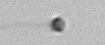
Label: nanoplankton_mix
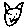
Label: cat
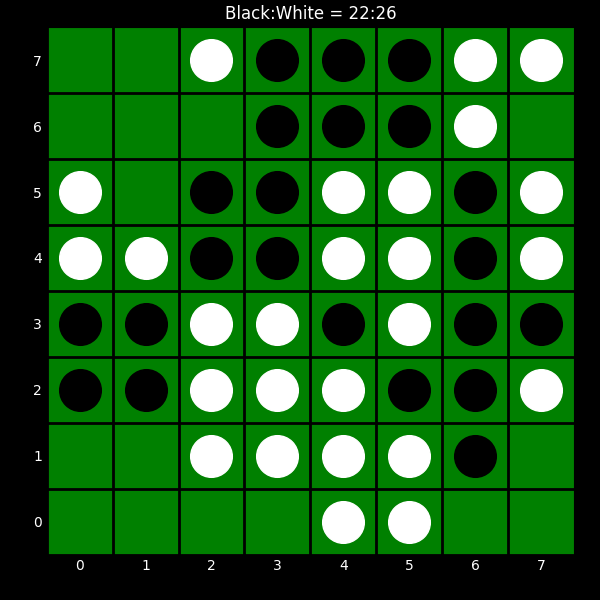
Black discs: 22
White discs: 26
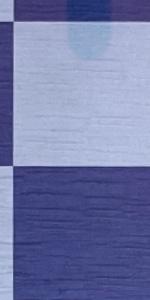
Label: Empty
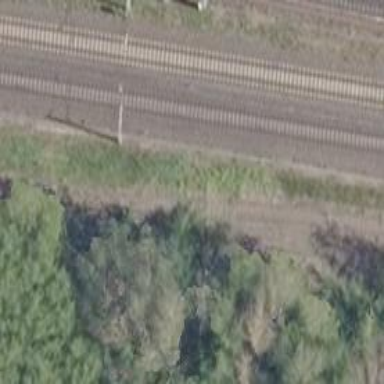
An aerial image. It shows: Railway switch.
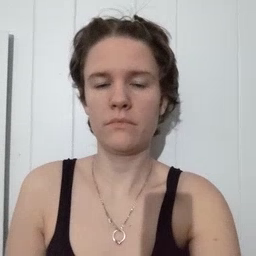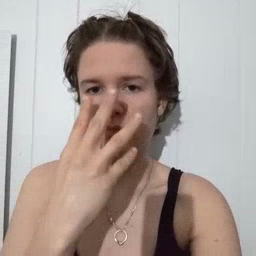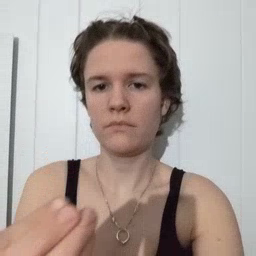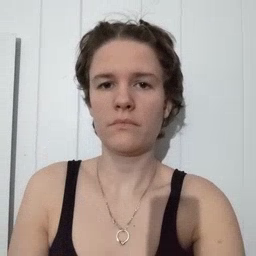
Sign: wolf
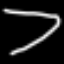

----

Produce an exact copy of the lines from the line containing "Black discs: 22" through the last line of the records, with no pictures and no other text.

Black discs: 22
White discs: 26
Label: Empty
An aerial image. It shows: Railway switch.
Sign: wolf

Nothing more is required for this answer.